Cassandra Donatelli, a biologist at the University of Washington, Tacoma, US, and an author of a recent review of the burgeoning field of “bioinspiration”, credits the trend to sophisticated new tools as well as a new spirit of collaboration.

“It’s huge,” she said. “We have a biomechanics lab here where we have six or seven engineers and 10 biologists. We’re all physically in the same building, together doing work.”

Despite its promise, the future of bioinspiration is cloudy. The Trump administration has proposed cutting the research budget of the National Science Foundation by 55 per cent, directing remaining funds to a few fields such as artificial intelligence and quantum computing. Bioinspiration, which has thrived on this funding, may lose out.

“That work will suffer with NSF’s new priorities,” said Duncan Irschick, a biologist at the University of Massachusetts, US. “I sincerely worry about handing the mantle of bioinspired research to China.”

Here are some inventions, both new and historical, that have drawn inspiration from nature’s creativity.

NATURE’S VELCRO

• Tiny hooks on the burrs of Burdock plants help the seeds spread on fur and clothing.
• This discovery led an engineer to invent Velcro.

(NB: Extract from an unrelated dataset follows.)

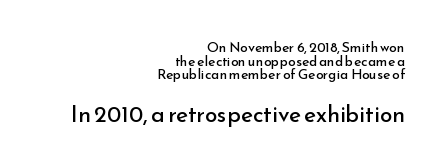
The image shows 23 px text type, upright; set right-aligned, tight line spacing (0.98x), normal letter spacing, not underlined; the second (bottom) block is 1.64x larger.

In 1941, Swiss inventor George de Mestral went on a hunting trip. Along the way, burdock burrs stuck to his pants and to the fur of his dog. Curious about their power to cling, de Mestral put the burrs under a microscope. He saw thousands of tiny hooks. The sight led him to imagine a new kind of fastener, one that wouldn’t rely on knots or glue.

A few years later, de Mestral discovered a substance that could make that idea real: nylon. The synthetic fibre could be permanently bent into a hook. De Mestral found that nylon hooks readily attached to fabric and could be peeled away. In 1955, he filed a patent for his invention, which he called Velcro, a combination of the French words velour (velvet) and crochet (hooks).

WHALE FLOW

• Knobs on the edges of whaleflippers help the animals swim in tight circles.
• Whale-inspired knobs improve the design of ship hulls and wind turbine blades.

In the 1990s, Frank Fish took a close look at the massive knobs that stud the leading edge of humpback whale fins. Fish, a biologist at West Chester University in Pennsylvania, US, and his colleagues discovered that these tubercles significantly improve the whales’ performance by keeping water flowing smoothly over their fins, generating extra lift.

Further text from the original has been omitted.